**Material for this exercise:**
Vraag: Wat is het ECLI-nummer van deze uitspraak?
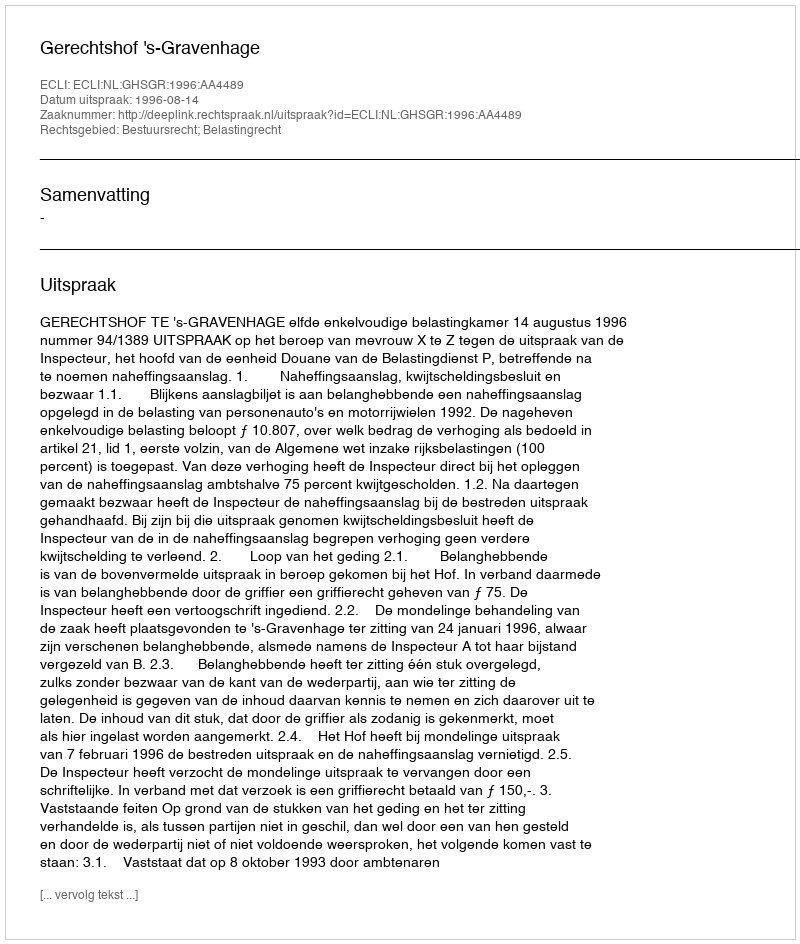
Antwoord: ECLI:NL:GHSGR:1996:AA4489
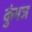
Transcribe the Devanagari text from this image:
कुंभज
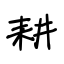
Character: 耕
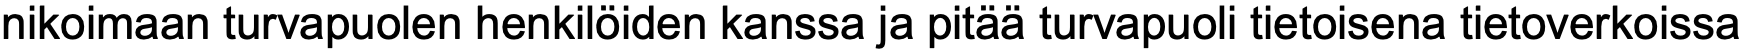
nikoimaan turvapuolen henkilöiden kanssa ja pitää turvapuoli tietoisena tietoverkoissa
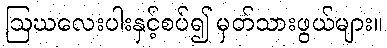
ဩဃလေးပါးနှင့်စပ်၍ မှတ်သားဖွယ်များ။
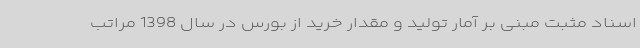
اسناد مثبت مبنی بر آمار تولید و مقدار خرید از بورس در سال 1398 مراتب
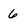
Character: 6
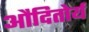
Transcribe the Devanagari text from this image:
औदितोर्य
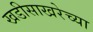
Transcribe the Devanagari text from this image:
खडीसाखरेच्या
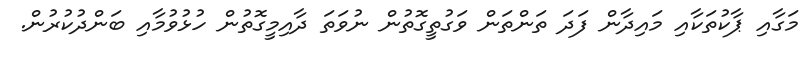
މަގާއި ޕާކުތަކާއި މައިދާން ފަދަ ތަންތަން ވަގުތީގޮތުން ނުވަތަ ދާއިމީގޮތުން ހުޅުވުމާއި ބަންދުކުރުން.
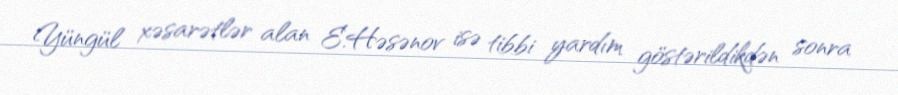
Yüngül xəsarətlər alan E.Həsənov isə tibbi yardım göstərildikdən sonra
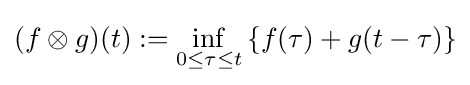
(f\otimes g)(t):=\inf _{0\leq \tau \leq t}\left\{f(\tau )+g(t-\tau )\right\}
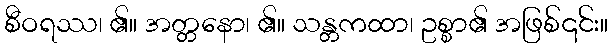
စီဝရဿ၊ ၏။ အတ္တနော၊ ၏။ သန္တကထာ၊ ဥစ္စာ၏ အဖြစ်၎င်း။
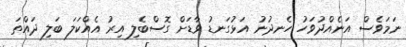
ނަމަވެސް އަނެއްދުވަހު ހެނދުނު އަޅުގަނޑު ވާޑަށް ގޮސްބެލި އިރު އެއްކަލަ ބަލި ދައްތަ
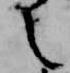
之
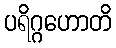
ပရိဂ္ဂဟောတိ
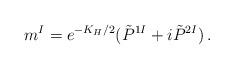
LaTeX: \begin{align*}m^I=e^{-K_H/2}(\tilde P^{1I}+i\tilde P^{2I})\, .\end{align*}
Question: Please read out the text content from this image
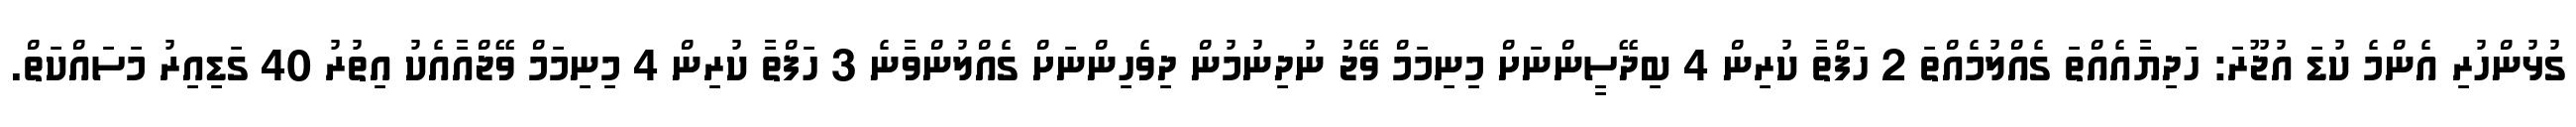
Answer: ގުޅުންހުރި އެންމެ ކުޑަ އުޖޫރަ: ހަދިޔާއެއްތަ ގެއްލުމެއްތަ 2 ހަފްތާ ކުރިން 4 ބިދޭސީންނަށް މިނިމަމް ވޭޖު ނުދިނުމުން ދިވެހިންނަށް ގެއްލުންވާނެ 3 ހަފްތާ ކުރިން 4 މިނިމަމް ވޭޖްއާއެކު އިތުރު 40 ގަޑިއިރު މަސައްކަތް.

**What to do:** Show every line from the entries that includes the word "ECLI".

**Result below:**
Vraag: Wat is het ECLI-nummer van deze uitspraak?
Antwoord: ECLI:NL:GHSGR:1996:AA4489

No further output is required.